Saved entries:
------------------------------------------------------------
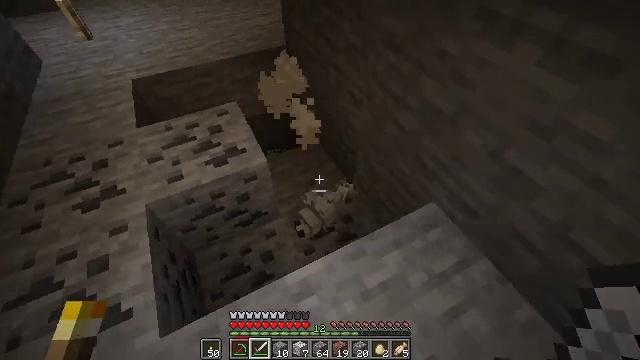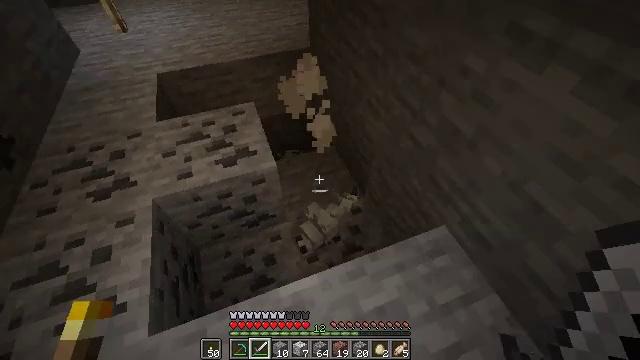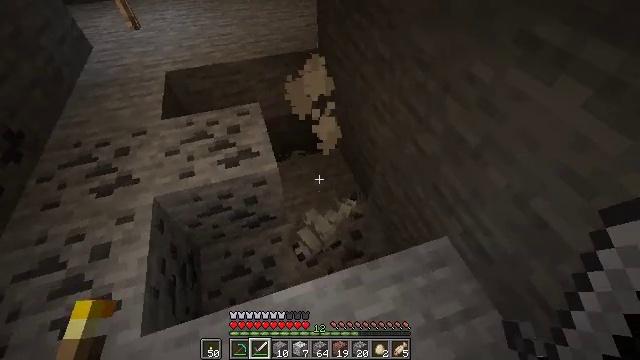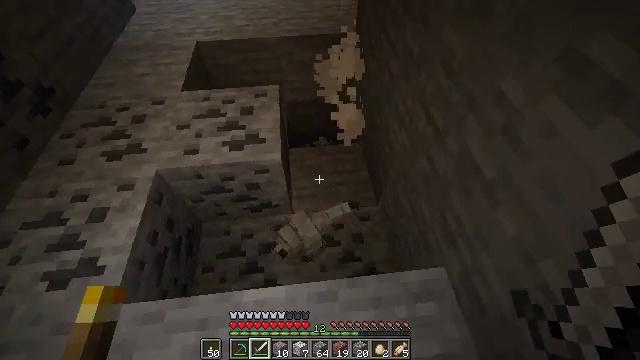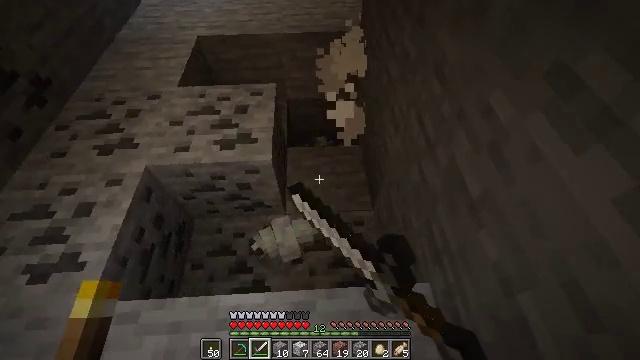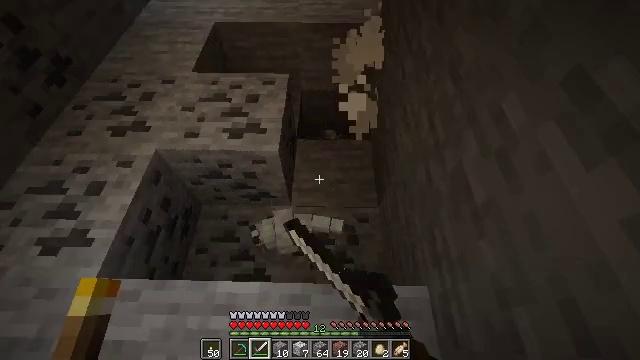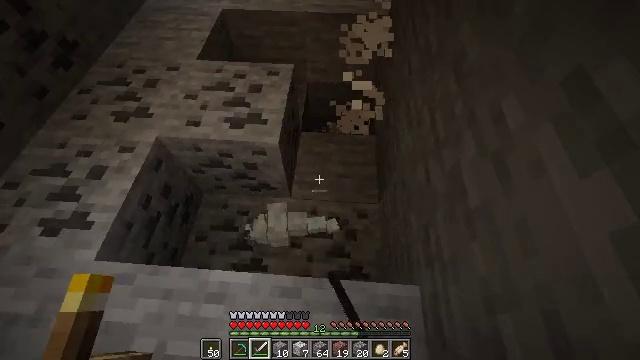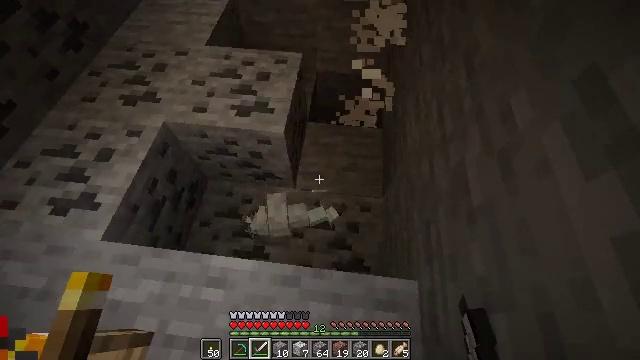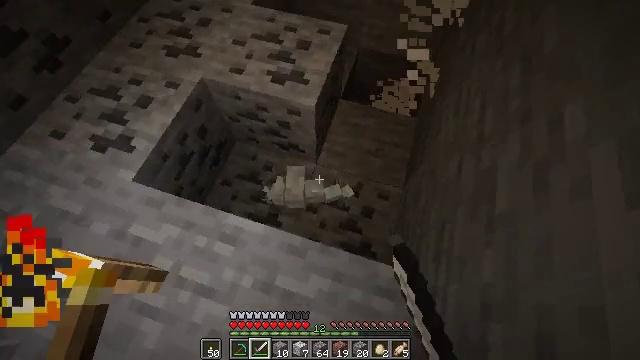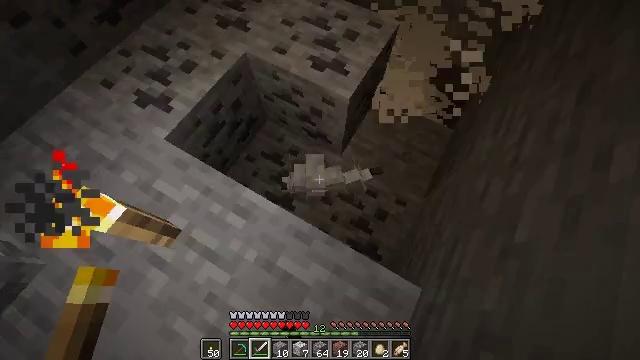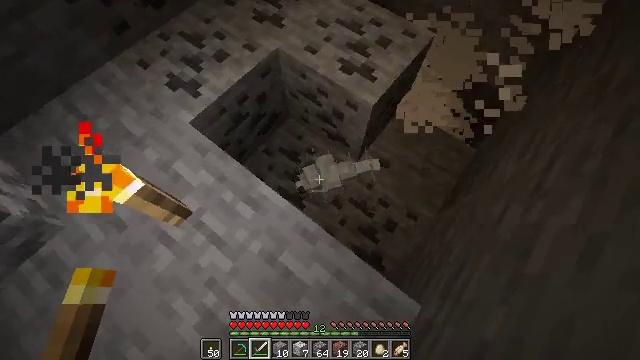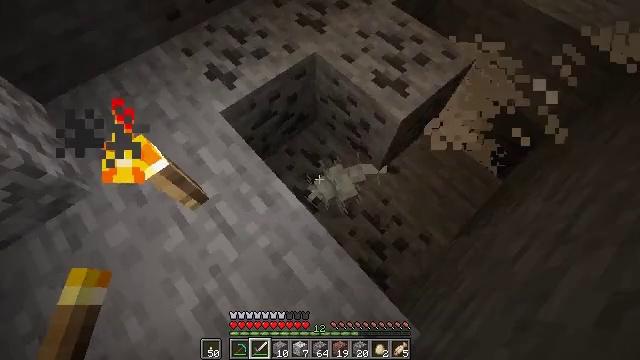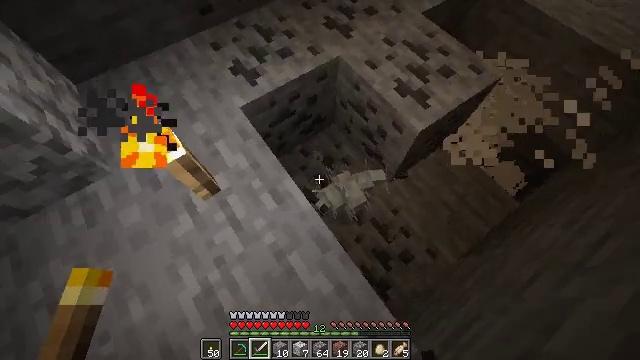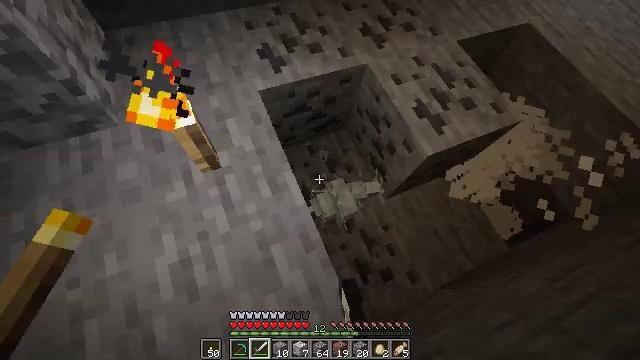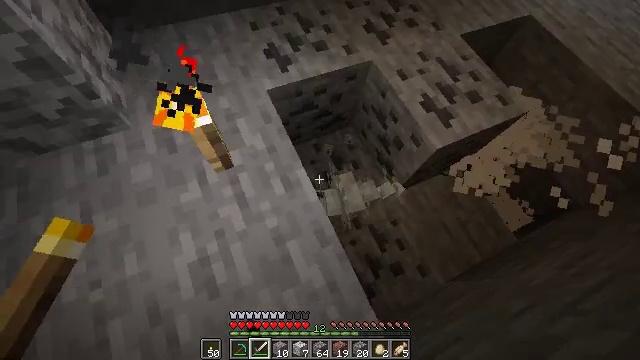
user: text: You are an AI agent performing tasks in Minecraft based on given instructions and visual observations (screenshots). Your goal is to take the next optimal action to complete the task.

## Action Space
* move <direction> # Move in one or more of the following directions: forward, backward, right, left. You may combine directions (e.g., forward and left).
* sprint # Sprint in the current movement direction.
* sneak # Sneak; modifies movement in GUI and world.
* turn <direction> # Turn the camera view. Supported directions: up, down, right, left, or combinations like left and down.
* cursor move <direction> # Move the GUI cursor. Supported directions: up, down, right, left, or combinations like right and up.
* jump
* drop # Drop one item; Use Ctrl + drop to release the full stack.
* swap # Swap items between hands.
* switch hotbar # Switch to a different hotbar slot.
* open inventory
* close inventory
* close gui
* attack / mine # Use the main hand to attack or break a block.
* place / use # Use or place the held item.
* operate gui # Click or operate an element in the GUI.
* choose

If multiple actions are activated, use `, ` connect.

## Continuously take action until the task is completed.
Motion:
------------------------------------------------------------
*What to work on*: When a line in the records above contains the word "combinations", copy it.

*The completed task*:
* turn <direction> # Turn the camera view. Supported directions: up, down, right, left, or combinations like left and down.
* cursor move <direction> # Move the GUI cursor. Supported directions: up, down, right, left, or combinations like right and up.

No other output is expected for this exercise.